(Dataset excerpts)
═══

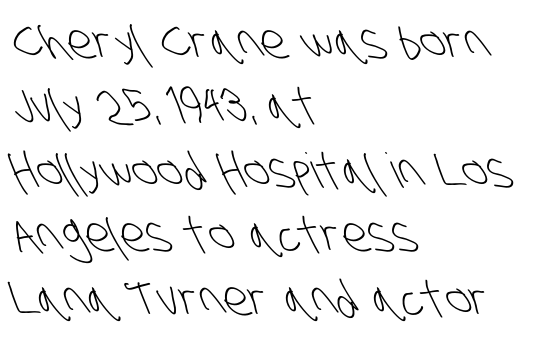
The image shows 48 px light, condensed sans-serif type; set left-aligned, normal line spacing (1.34x), normal letter spacing, not underlined; low stroke contrast and a large x-height.
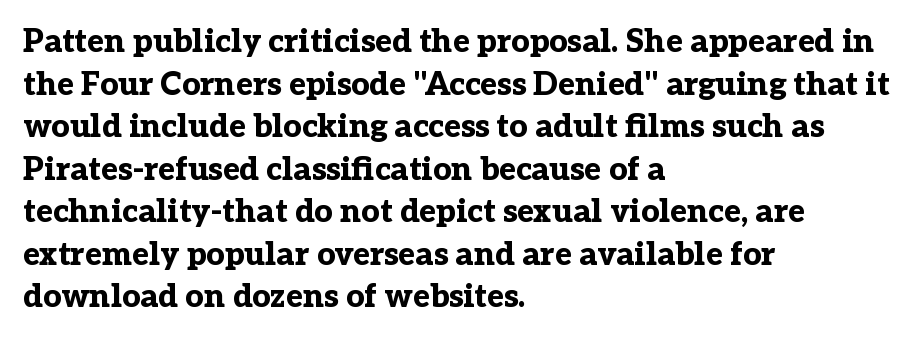
Q: Is the text bold? A: Yes.
Q: Is the text italic (slanted)? A: No, it is upright.
Q: Is the typeface a serif or a sans-serif typeface? A: Serif.
Q: Is the text underlined? A: No.
Q: How is the paragraph aligned? A: Left-aligned.
Q: Is the spacing between letters normal or unusually wide? A: Normal.
Q: Is the spacing between lines tight, normal or loose? A: Normal.
Q: Width (condensed, normal, or wide)? A: Normal.
Q: Stroke contrast? A: Low.
Q: x-height? A: Medium.
Q: Monospaced? A: No.
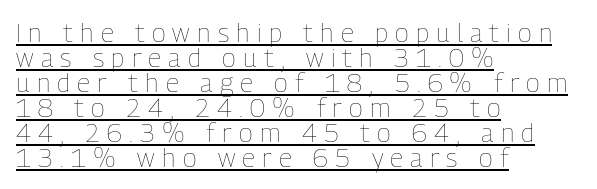
Q: Is the text bold? A: No.
Q: Is the text italic (slanted)? A: No, it is upright.
Q: Is the text underlined? A: Yes.
Q: How is the paragraph aligned? A: Left-aligned.
Q: Is the spacing between letters normal or unusually wide? A: Unusually wide.
Q: Is the spacing between lines tight, normal or loose? A: Tight.
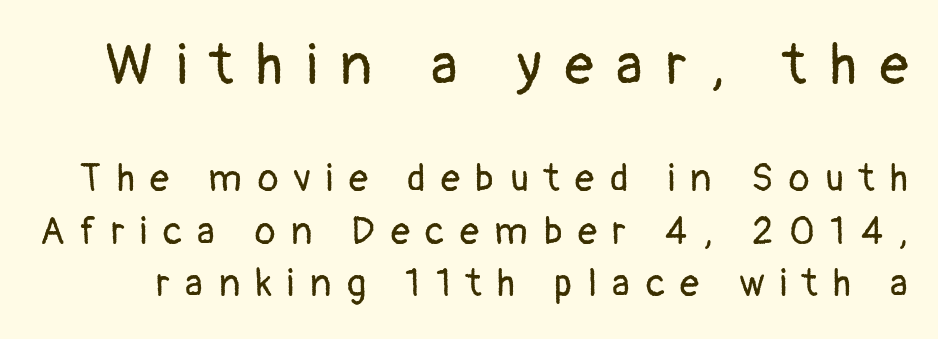
Q: Is the text bold? A: No.
Q: Is the text italic (slanted)? A: No, it is upright.
Q: Is the typeface a serif or a sans-serif typeface? A: Sans-serif.
Q: Is the text underlined? A: No.
Q: Is the spacing between letters normal or unusually wide? A: Unusually wide.
Q: Is the spacing between lines tight, normal or loose? A: Normal.
Q: Which block of text is set in a larger size, the first (top) or the second (bottom)? A: The first (top) one.
Q: Width (condensed, normal, or wide)? A: Normal.
Q: Stroke contrast? A: Low.
Q: x-height? A: Medium.
Q: Monospaced? A: No.
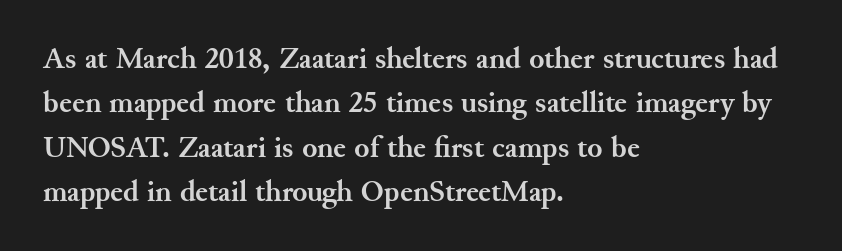
The image shows 31 px semibold serif type, upright; set left-aligned, normal line spacing (1.43x), normal letter spacing, not underlined; medium stroke contrast and a small x-height.
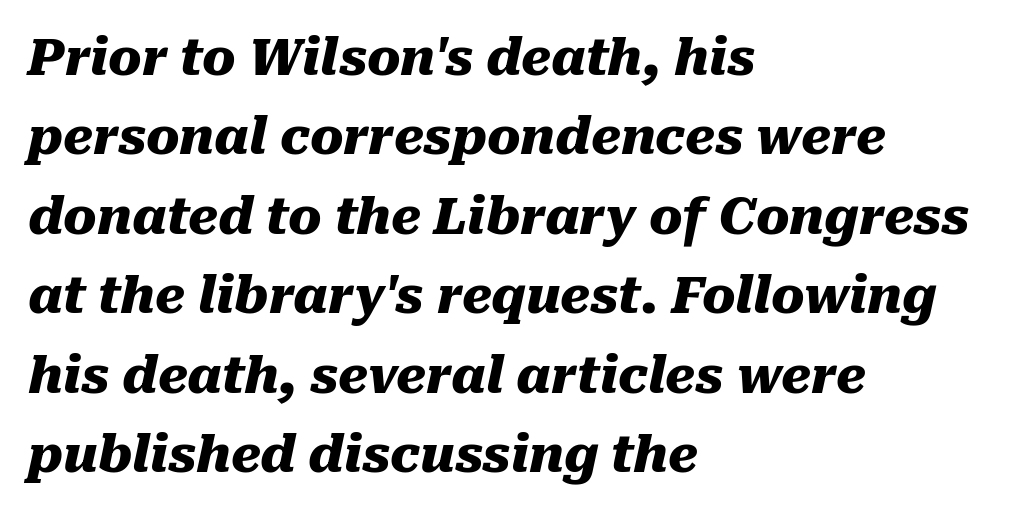
Students, observe: this is what conventionally led text looks like. Observe the lean: these are italic letterforms. The horizontal fit of the characters is conventional and even. Words float on clear page, feet unadorned. The typesetter chose a ragged-right arrangement here.
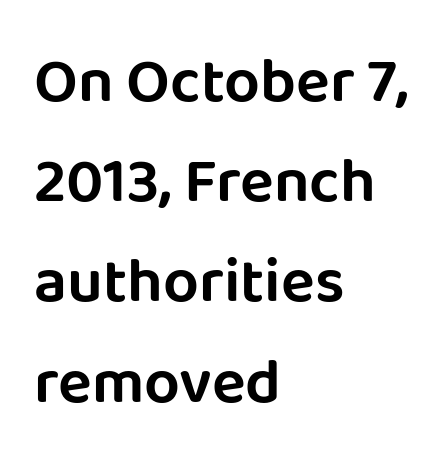
{"serif": "no", "italic": "no", "width": "normal", "stroke_contrast": "low", "x_height": "large", "monospaced": "no", "underline": "no", "align": "left", "line_spacing": "normal", "line_spacing_ratio": 1.59, "letter_spacing": "normal", "letter_spacing_em": 0.0, "glyph_px": 63}
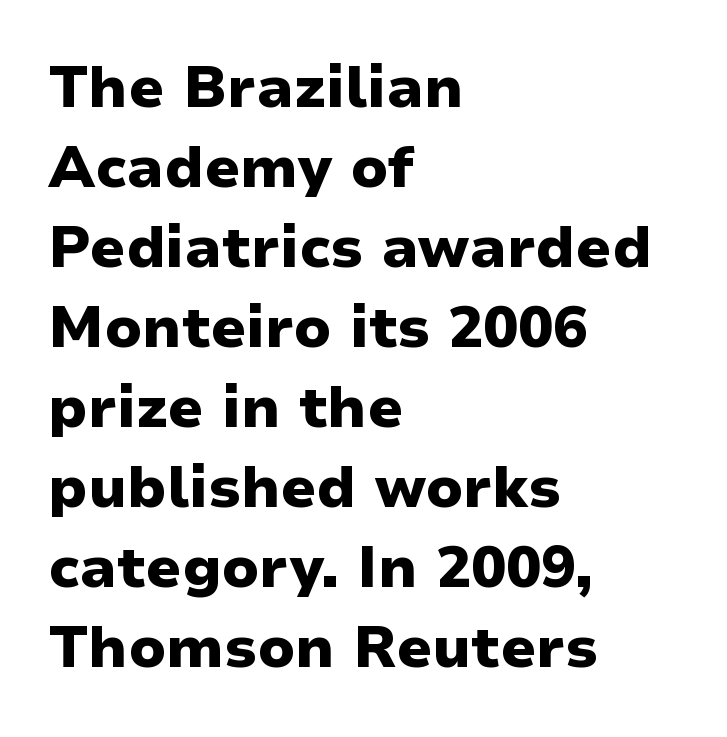
The image shows 58 px heavy sans-serif type, upright; set left-aligned, normal line spacing (1.38x), normal letter spacing, not underlined; low stroke contrast and a medium x-height.

═══

Repeat the records above exactly, from the first line through the line containing "loose? A: Tight.", and leave out the pictures.

→ **Reply to the task**
The image shows 48 px light, condensed sans-serif type; set left-aligned, normal line spacing (1.34x), normal letter spacing, not underlined; low stroke contrast and a large x-height.
Q: Is the text bold? A: Yes.
Q: Is the text italic (slanted)? A: No, it is upright.
Q: Is the typeface a serif or a sans-serif typeface? A: Serif.
Q: Is the text underlined? A: No.
Q: How is the paragraph aligned? A: Left-aligned.
Q: Is the spacing between letters normal or unusually wide? A: Normal.
Q: Is the spacing between lines tight, normal or loose? A: Normal.
Q: Width (condensed, normal, or wide)? A: Normal.
Q: Stroke contrast? A: Low.
Q: x-height? A: Medium.
Q: Monospaced? A: No.
Q: Is the text bold? A: No.
Q: Is the text italic (slanted)? A: No, it is upright.
Q: Is the text underlined? A: Yes.
Q: How is the paragraph aligned? A: Left-aligned.
Q: Is the spacing between letters normal or unusually wide? A: Unusually wide.
Q: Is the spacing between lines tight, normal or loose? A: Tight.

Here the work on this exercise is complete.